The availability of an ever increasing number of complete genome sequences of diverse prokaryotic taxa has led to the introduction of novel approaches to infer phylogenetic relationships among bacteria. In the present study the sequences of the 16S rRNA gene and nine housekeeping genes were compared with the fraction of shared putative orthologous protein-encoding genes, conservation of gene order, dinucleotide relative abundance and codon usage among 11 genomes of species belonging to the lactic acid bacteria. In general there is a good correlation between the results obtained with various approaches, although it is clear that there is a stronger phylogenetic signal in some datasets than in others, and that different parameters have different taxonomic resolutions. It appears that trees based on different kinds of information derived from whole-genome sequencing projects do not provide much additional information about the phylogenetic relationships among bacterial taxa compared to more traditional alignment-based methods. Nevertheless, it is expected that the study of these novel forms of information will have its value in taxonomy, to determine which genes are shared, when genes or sets of genes were lost in evolutionary history, to detect the presence of horizontally transferred genes and/or confirm or enhance the phylogenetic signal derived from traditional methods. Although these conclusions are based on a relatively small dataset, they are largely in agreement with other studies and it is anticipated that similar trends will be observed when comparing other genomes.

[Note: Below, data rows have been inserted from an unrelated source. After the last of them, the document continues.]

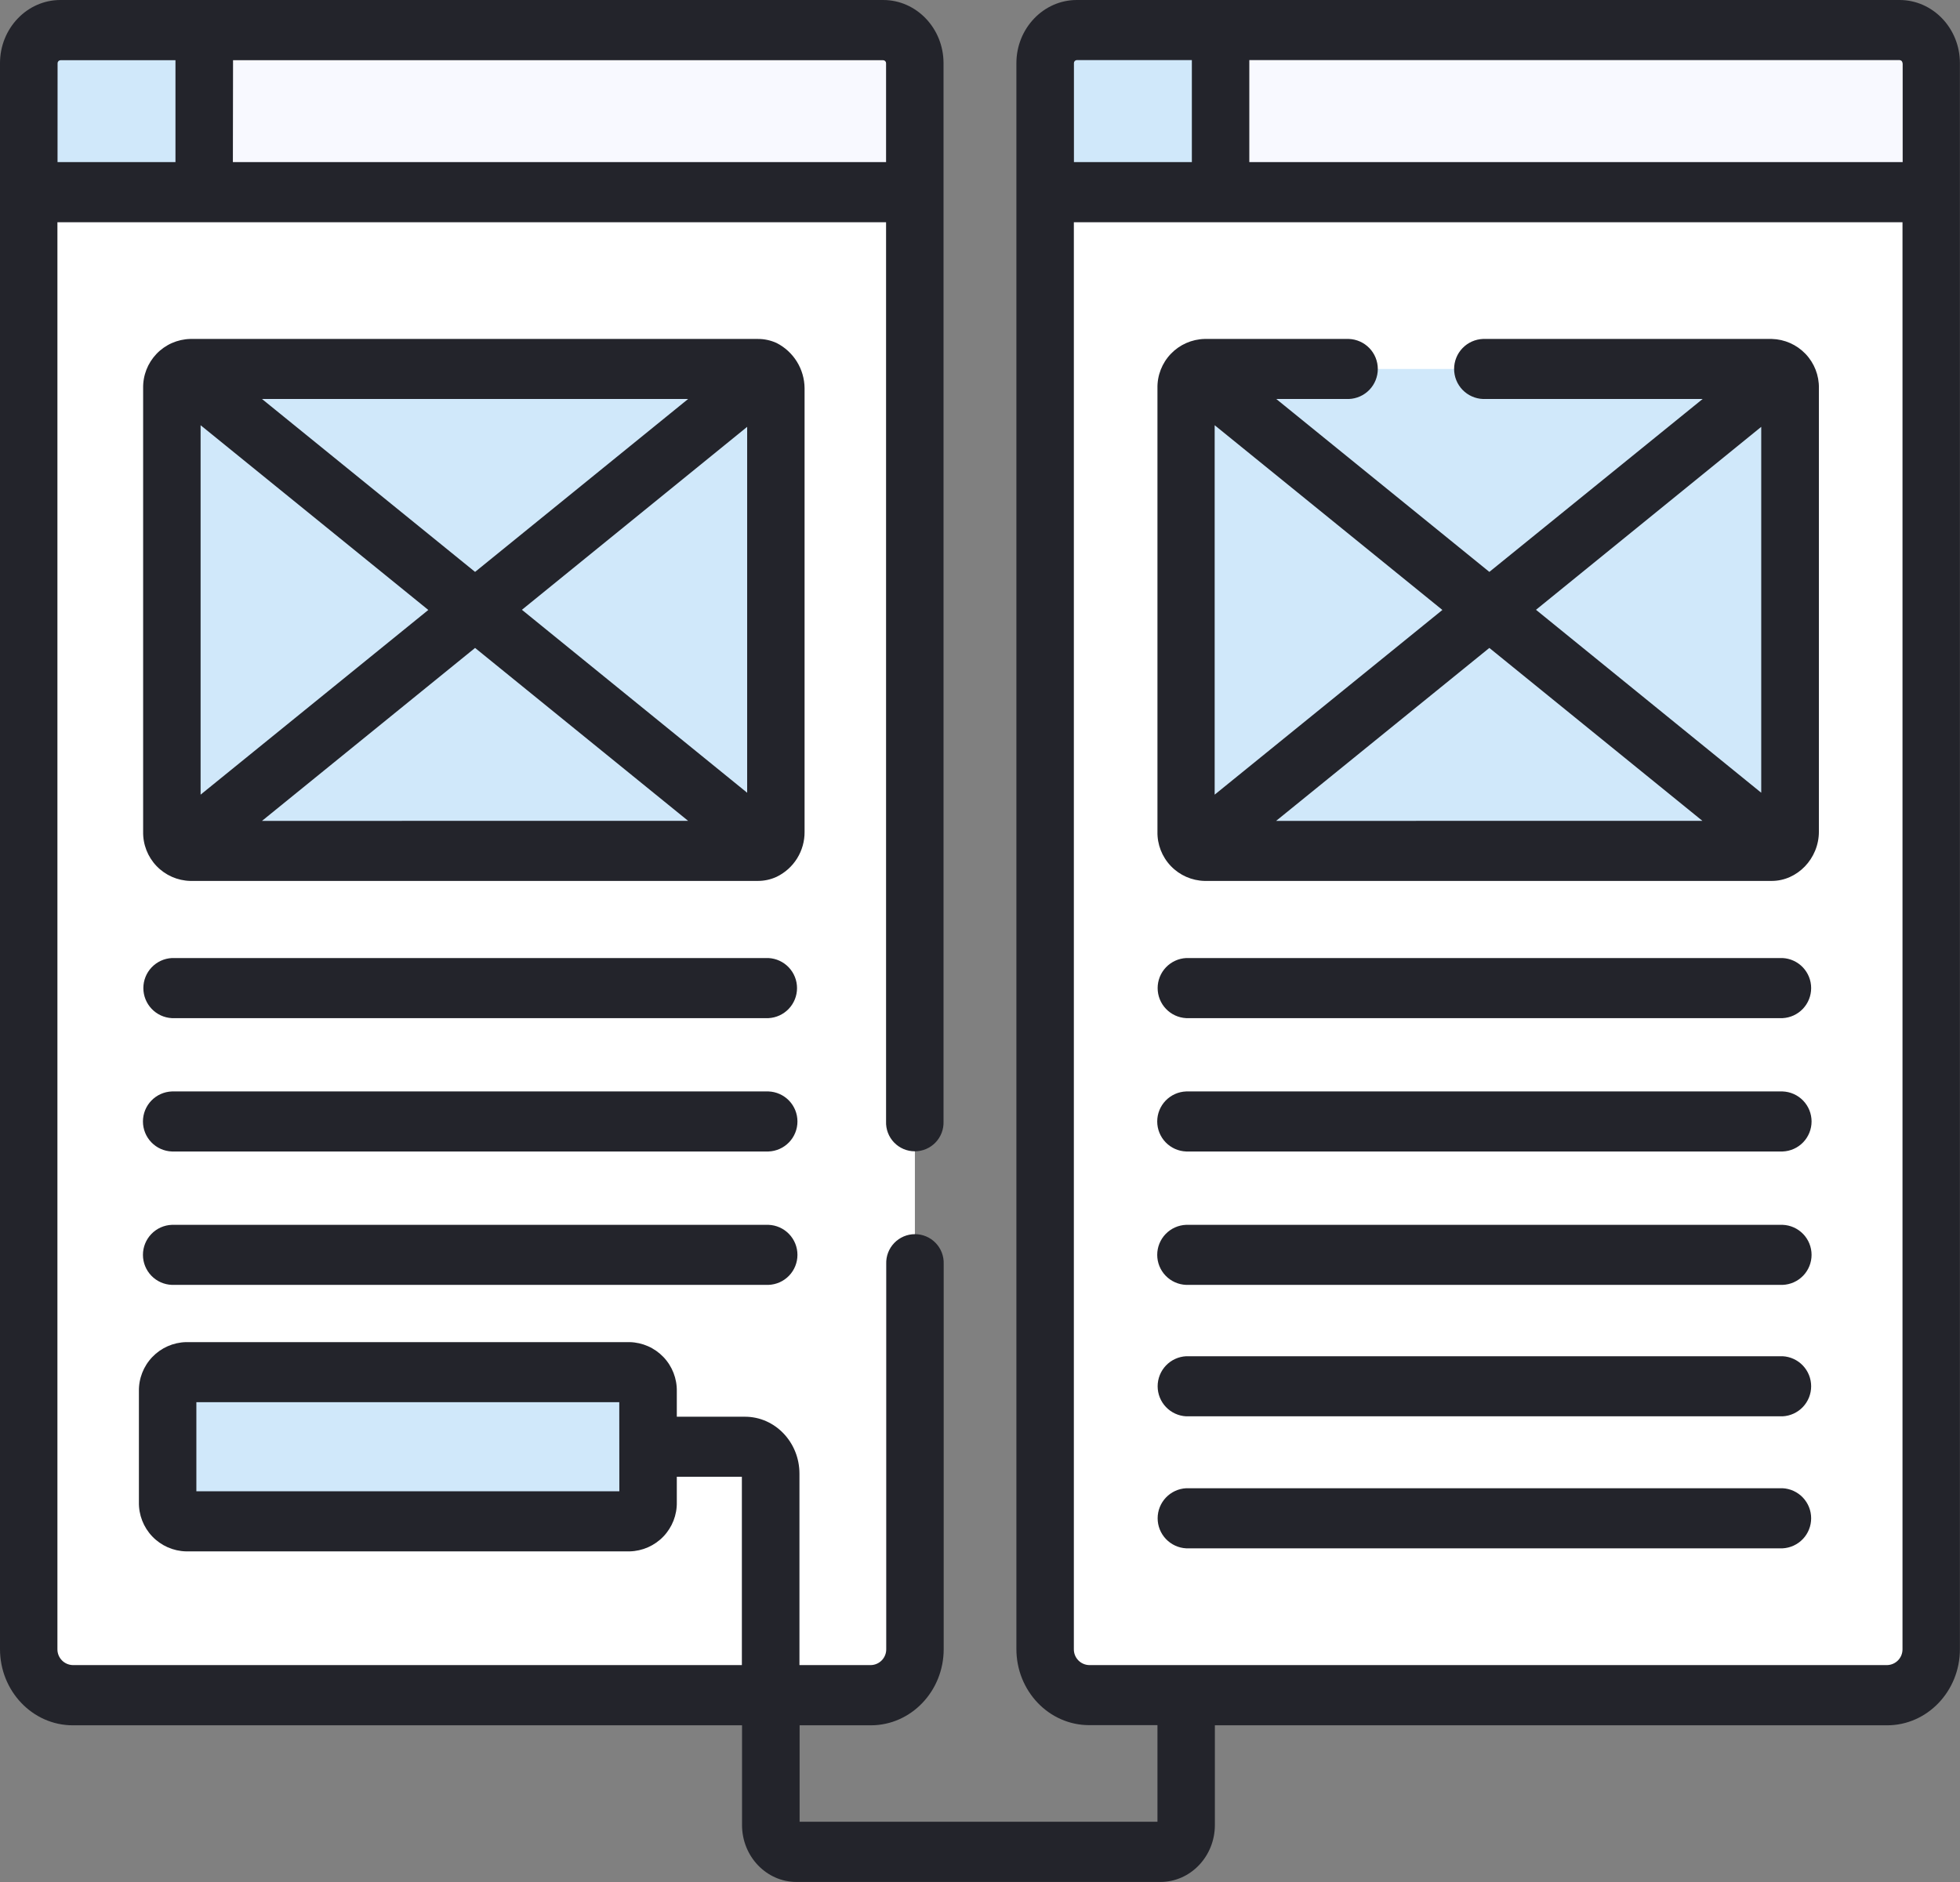 <svg width="482" height="463" viewBox="0 0 482 463" fill="none" xmlns="http://www.w3.org/2000/svg">
<rect x="0" y="0" width="482" height="463" fill="#808080" stroke="none"/>
<path d="M214.129 416.95H17.899C14.959 416.882 12.165 415.649 10.133 413.523C8.1 411.397 6.995 408.551 7.059 405.61V47.26H224.989V405.61C225.053 408.551 223.948 411.397 221.915 413.523C219.883 415.649 217.09 416.882 214.149 416.95H214.129Z" fill="white"/>
<path d="M224.99 47.27H7.06V15.53C7.017 13.418 7.811 11.375 9.269 9.847C10.726 8.318 12.729 7.428 14.84 7.37H217.19C219.305 7.423 221.313 8.311 222.775 9.84C224.236 11.369 225.033 13.415 224.99 15.53V47.27Z" fill="#F8F9FF"/>
<path d="M50.21 47.27H7.06V15.53C7.017 13.418 7.811 11.375 9.269 9.847C10.726 8.318 12.729 7.428 14.84 7.37H50.21V47.27Z" fill="#D0E8FA"/>
<path d="M464.081 416.95H267.851C266.393 416.919 264.956 416.601 263.621 416.014C262.286 415.427 261.08 414.583 260.072 413.53C259.063 412.477 258.272 411.235 257.743 409.876C257.215 408.518 256.959 407.068 256.991 405.61V47.26H474.921V405.61C474.985 408.551 473.88 411.397 471.847 413.523C469.815 415.649 467.022 416.882 464.081 416.95Z" fill="white"/>
<path d="M474.92 47.27H256.99V15.53C256.947 13.415 257.744 11.369 259.205 9.84C260.667 8.311 262.675 7.423 264.79 7.37H467.14C469.248 7.428 471.248 8.315 472.704 9.84C474.161 11.364 474.958 13.402 474.92 15.51V47.27Z" fill="#F8F9FF"/>
<path d="M300.17 47.27H256.99V15.53C256.947 13.415 257.744 11.369 259.205 9.84C260.667 8.311 262.675 7.423 264.79 7.37H300.17V47.27Z" fill="#D0E8FA"/>
<path d="M186.271 209.29H46.8C45.573 209.261 44.407 208.747 43.559 207.861C42.709 206.974 42.246 205.787 42.27 204.56V95.49C42.246 94.263 42.709 93.076 43.559 92.189C44.407 91.303 45.573 90.789 46.8 90.76H186.271C187.498 90.789 188.664 91.303 189.513 92.189C190.362 93.076 190.825 94.263 190.801 95.49V204.56C190.825 205.787 190.362 206.974 189.513 207.861C188.664 208.747 187.498 209.261 186.271 209.29Z" fill="#D0E8FA"/>
<path d="M154.85 374.2H45.75C44.523 374.171 43.359 373.657 42.511 372.77C41.664 371.883 41.203 370.696 41.23 369.47V342.23C41.203 341.004 41.664 339.817 42.511 338.93C43.359 338.043 44.523 337.529 45.75 337.5H154.85C156.076 337.529 157.241 338.043 158.089 338.93C158.936 339.817 159.397 341.004 159.37 342.23V369.47C159.397 370.696 158.936 371.883 158.089 372.77C157.241 373.657 156.076 374.171 154.85 374.2Z" fill="#D0E8FA"/>
<path d="M435.71 209.29H296.23C295.003 209.261 293.837 208.747 292.988 207.861C292.139 206.974 291.676 205.787 291.7 204.56V95.49C291.676 94.263 292.139 93.076 292.988 92.189C293.837 91.303 295.003 90.789 296.23 90.76H435.71C436.936 90.789 438.101 91.303 438.949 92.19C439.796 93.077 440.257 94.263 440.23 95.49V204.56C440.257 205.786 439.796 206.973 438.949 207.86C438.101 208.747 436.936 209.261 435.71 209.29Z" fill="#D0E8FA"/>
<path d="M291.701 250.43H438.381C440.274 250.331 442.058 249.51 443.363 248.135C444.669 246.76 445.396 244.936 445.396 243.04C445.396 241.144 444.669 239.32 443.363 237.945C442.058 236.57 440.274 235.748 438.381 235.65H291.701C289.808 235.748 288.024 236.57 286.719 237.945C285.413 239.32 284.686 241.144 284.686 243.04C284.686 244.936 285.413 246.76 286.719 248.135C288.024 249.51 289.808 250.331 291.701 250.43Z" fill="#23242B"/>
<path d="M291.7 283.23H438.38C440.292 283.16 442.101 282.351 443.429 280.973C444.756 279.596 445.498 277.758 445.498 275.845C445.498 273.932 444.756 272.094 443.429 270.716C442.101 269.339 440.292 268.53 438.38 268.46H291.7C289.788 268.53 287.979 269.339 286.651 270.716C285.324 272.094 284.582 273.932 284.582 275.845C284.582 277.758 285.324 279.596 286.651 280.973C287.979 282.351 289.788 283.16 291.7 283.23Z" fill="#23242B"/>
<path d="M467.14 0H264.79C256.61 0 249.95 7 249.95 15.53V405.61C249.95 415.93 257.95 424.33 267.85 424.33H284.64V448.09H196.64V424.37H214.17C224.04 424.37 232.07 415.97 232.07 405.65V310.9C232.106 309.95 231.949 309.002 231.611 308.114C231.272 307.226 230.757 306.415 230.097 305.73C229.438 305.045 228.647 304.5 227.772 304.128C226.897 303.756 225.956 303.564 225.005 303.564C224.054 303.564 223.113 303.756 222.238 304.128C221.363 304.5 220.572 305.045 219.913 305.73C219.253 306.415 218.738 307.226 218.399 308.114C218.061 309.002 217.904 309.95 217.94 310.9V405.61C217.961 406.633 217.577 407.623 216.87 408.363C216.164 409.103 215.193 409.534 214.17 409.56H196.6V362.47C196.6 354.75 190.6 348.47 183.21 348.47H166.44V342.24C166.504 339.098 165.321 336.058 163.149 333.786C160.976 331.514 157.992 330.196 154.85 330.12H45.75C42.608 330.196 39.624 331.514 37.452 333.786C35.279 336.058 34.096 339.098 34.16 342.24V369.47C34.096 372.612 35.279 375.652 37.452 377.924C39.624 380.196 42.608 381.514 45.75 381.59H154.85C157.992 381.514 160.976 380.196 163.149 377.924C165.321 375.652 166.504 372.612 166.44 369.47V363.24H182.44V409.56H17.9C16.876 409.534 15.904 409.104 15.196 408.364C14.488 407.624 14.101 406.634 14.12 405.61V54.66H217.9V275.85C217.864 276.8 218.021 277.748 218.359 278.636C218.698 279.524 219.213 280.335 219.873 281.02C220.532 281.705 221.323 282.25 222.198 282.622C223.073 282.994 224.014 283.186 224.965 283.186C225.916 283.186 226.857 282.994 227.732 282.622C228.607 282.25 229.398 281.705 230.057 281.02C230.717 280.335 231.232 279.524 231.571 278.636C231.909 277.748 232.066 276.8 232.03 275.85V15.53C232.03 6.97 225.37 0 217.19 0H14.84C6.65 0 9.36479e-06 7 9.36479e-06 15.53V405.61C-0.01 415.93 7.99 424.37 17.9 424.37H182.48V448.9C182.48 456.62 188.48 462.9 195.87 462.9H285.37C292.76 462.9 298.76 456.61 298.76 448.9V424.37H464.08C473.95 424.37 481.98 415.97 481.98 405.65V15.53C481.98 6.97 475.32 0 467.14 0ZM152.31 366.81H48.29V344.89H152.29L152.31 366.81ZM57.31 14.81H217.19C217.286 14.813 217.38 14.834 217.468 14.873C217.555 14.912 217.634 14.968 217.7 15.038C217.766 15.107 217.818 15.19 217.852 15.279C217.886 15.369 217.903 15.464 217.9 15.56V39.87H57.27L57.31 14.81ZM14.16 15.56C14.157 15.365 14.231 15.178 14.366 15.037C14.501 14.897 14.685 14.815 14.88 14.81H43.15V39.87H14.15L14.16 15.56ZM467.9 15.56V39.87H307.23V14.78H467.14C467.335 14.785 467.519 14.867 467.654 15.007C467.789 15.148 467.863 15.335 467.86 15.53L467.9 15.56ZM264.79 14.78H293.1V39.87H264.1V15.53C264.095 15.34 264.164 15.155 264.292 15.015C264.421 14.875 264.6 14.79 264.79 14.78ZM464.08 409.56H267.85C266.827 409.534 265.856 409.103 265.15 408.363C264.443 407.623 264.059 406.633 264.08 405.61V54.66H467.86V405.66C467.868 406.676 467.476 407.655 466.769 408.384C466.062 409.114 465.096 409.536 464.08 409.56Z" fill="#23242B"/>
<path d="M435.709 83.37H364.709C362.797 83.44 360.987 84.249 359.66 85.627C358.332 87.004 357.591 88.842 357.591 90.755C357.591 92.668 358.332 94.506 359.66 95.884C360.987 97.261 362.797 98.07 364.709 98.14H418.709L366.259 140.67L313.859 98.14H331.709C333.621 98.07 335.43 97.261 336.758 95.884C338.085 94.506 338.827 92.668 338.827 90.755C338.827 88.842 338.085 87.004 336.758 85.627C335.43 84.249 333.621 83.44 331.709 83.37H296.229C293.087 83.446 290.103 84.764 287.93 87.036C285.758 89.308 284.574 92.348 284.639 95.49V204.56C284.572 207.703 285.755 210.745 287.927 213.017C290.1 215.289 293.086 216.607 296.229 216.68H435.699C441.989 216.68 447.299 211.2 447.299 204.56V95.49C447.361 92.348 446.176 89.31 444.005 87.039C441.833 84.768 438.85 83.449 435.709 83.37ZM298.709 104.59L354.709 150.03L298.709 195.46V104.59ZM313.819 201.91L366.259 159.37L418.649 201.9L313.819 201.91ZM433.119 194.99L377.729 149.99L433.119 104.99V194.99Z" fill="#23242B"/>
<path d="M291.7 316.04H438.38C440.292 315.97 442.101 315.161 443.429 313.784C444.756 312.406 445.498 310.568 445.498 308.655C445.498 306.742 444.756 304.904 443.429 303.526C442.101 302.149 440.292 301.34 438.38 301.27H291.7C289.788 301.34 287.979 302.149 286.651 303.526C285.324 304.904 284.582 306.742 284.582 308.655C284.582 310.568 285.324 312.406 286.651 313.784C287.979 315.161 289.788 315.97 291.7 316.04Z" fill="#23242B"/>
<path d="M291.701 348.37H438.381C440.274 348.272 442.058 347.45 443.363 346.075C444.669 344.7 445.396 342.876 445.396 340.98C445.396 339.084 444.669 337.26 443.363 335.885C442.058 334.51 440.274 333.689 438.381 333.59H291.701C289.808 333.689 288.024 334.51 286.719 335.885C285.413 337.26 284.686 339.084 284.686 340.98C284.686 342.876 285.413 344.7 286.719 346.075C288.024 347.45 289.808 348.272 291.701 348.37Z" fill="#23242B"/>
<path d="M291.701 380.84H438.381C440.274 380.742 442.058 379.92 443.363 378.545C444.669 377.17 445.396 375.346 445.396 373.45C445.396 371.554 444.669 369.73 443.363 368.355C442.058 366.98 440.274 366.159 438.381 366.06H291.701C289.808 366.159 288.024 366.98 286.719 368.355C285.413 369.73 284.686 371.554 284.686 373.45C284.686 375.346 285.413 377.17 286.719 378.545C288.024 379.92 289.808 380.742 291.701 380.84Z" fill="#23242B"/>
<path d="M197.86 95.49C197.841 93.186 197.191 90.931 195.98 88.97C194.768 87.009 193.043 85.418 190.99 84.371C189.522 83.698 187.924 83.356 186.31 83.371H46.8C43.656 83.444 40.669 84.761 38.495 87.033C36.32 89.305 35.135 92.346 35.2 95.49V204.56C35.135 207.704 36.32 210.746 38.495 213.018C40.669 215.29 43.656 216.607 46.8 216.68H186.27C187.888 216.696 189.489 216.354 190.96 215.68C193.043 214.678 194.798 213.104 196.02 211.142C197.241 209.18 197.88 206.911 197.86 204.6V95.49ZM169.22 98.141L116.83 140.67L64.43 98.141H169.22ZM49.33 104.59L105.33 150.03L49.33 195.46V104.59ZM64.43 201.91L116.83 159.37L169.22 201.9L64.43 201.91ZM183.74 194.99L128.35 149.99L183.74 104.99V194.99Z" fill="#23242B"/>
<path d="M188.989 235.65H42.269C40.376 235.748 38.593 236.57 37.287 237.945C35.982 239.32 35.254 241.144 35.254 243.04C35.254 244.936 35.982 246.76 37.287 248.135C38.593 249.51 40.376 250.331 42.269 250.43H188.989C190.883 250.331 192.666 249.51 193.971 248.135C195.277 246.76 196.004 244.936 196.004 243.04C196.004 241.144 195.277 239.32 193.971 237.945C192.666 236.57 190.883 235.748 188.989 235.65Z" fill="#23242B"/>
<path d="M188.99 268.46H42.27C40.359 268.53 38.549 269.339 37.221 270.716C35.894 272.094 35.152 273.932 35.152 275.845C35.152 277.758 35.894 279.596 37.221 280.973C38.549 282.351 40.359 283.16 42.27 283.23H188.99C190.902 283.16 192.711 282.351 194.039 280.973C195.367 279.596 196.108 277.758 196.108 275.845C196.108 273.932 195.367 272.094 194.039 270.716C192.711 269.339 190.902 268.53 188.99 268.46Z" fill="#23242B"/>
<path d="M188.99 301.27H42.27C40.359 301.34 38.549 302.149 37.221 303.526C35.894 304.904 35.152 306.742 35.152 308.655C35.152 310.568 35.894 312.406 37.221 313.784C38.549 315.161 40.359 315.97 42.27 316.04H188.99C190.902 315.97 192.711 315.161 194.039 313.784C195.367 312.406 196.108 310.568 196.108 308.655C196.108 306.742 195.367 304.904 194.039 303.526C192.711 302.149 190.902 301.34 188.99 301.27Z" fill="#23242B"/>
</svg>

Abbreviations: LAB, lactic acid bacteria; UPGMA, Unweighted Pair Group Method with Arithmetic mean


   INTRODUCTION
TOP
ABSTRACT
INTRODUCTION
METHODS
RESULTS
DISCUSSION
REFERENCES
 
The first sequence of an entire bacterial genome (that of Haemophilus influenzae Rd) was published in 1995 (Fleischmann et al., 1995). Since then the total number of publicly available genome sequences has grown rapidly (see http://igweb.integratedgenomics.com/GOLD/) and there has been an increasing interest in the use of these genome sequence data to assess evolutionary relationships among bacterial species (Eisen, 2000; Wolf et al., 2002). The comparison of single genes (especially the 16S rRNA gene) to infer phylogenetic relationships among bacteria has been widely used for several decades (see, for example, Wheelis et al., 1992; Eisen, 1995; Garrity & Holt, 2001), but there has been considerable debate whether a tree based on any single gene can accurately represent the evolution of a species, considering the possibility of horizontal gene transfer (Lan & Reeves, 1996; Ochman et al., 2000) and the possibility of degradation of the phylogenetic signal because of saturation for amino acid substitutions (Forterre & Philippe, 1999) as complicating factors. Proposed ways to put whole-genome sequences to work in bacterial classification include alignments and analysis of large numbers of conserved genes (‘supertree approach’) (Feng et al., 1997; Roux et al., 1997; Brown et al., 2001; Daubin et al., 2001; Wolf et al., 2001), comparisons based on the presence and absence of orthologous genes or families of genes, or differences in overall gene content (Snel et al., 1999; Tekaia et al., 1999; Fitz-Gibbon & House, 1999; Wolf et al., 2001; House & Fitz-Gibbon, 2002; Bansal & Meyer, 2002), presence or absence of specific protein folds (Lin & Gerstein, 2000), presence and absence of conserved insertions and deletions (Gupta, 1998; Gupta & Griffiths, 2002), differences in amino acid composition (Tekaia et al., 2002), conservation of gene order (Dandekar et al., 1998; Huynen & Bork, 1998; Wolf et al., 2001; Kunisawa, 2001; Suyama & Bork, 2001) and biases in nucleotide composition of genomes [including dinucleotide relative abundance (Karlin et al., 1997, 1998) and codon usage (Wright, 1990; Karlin et al., 1997)].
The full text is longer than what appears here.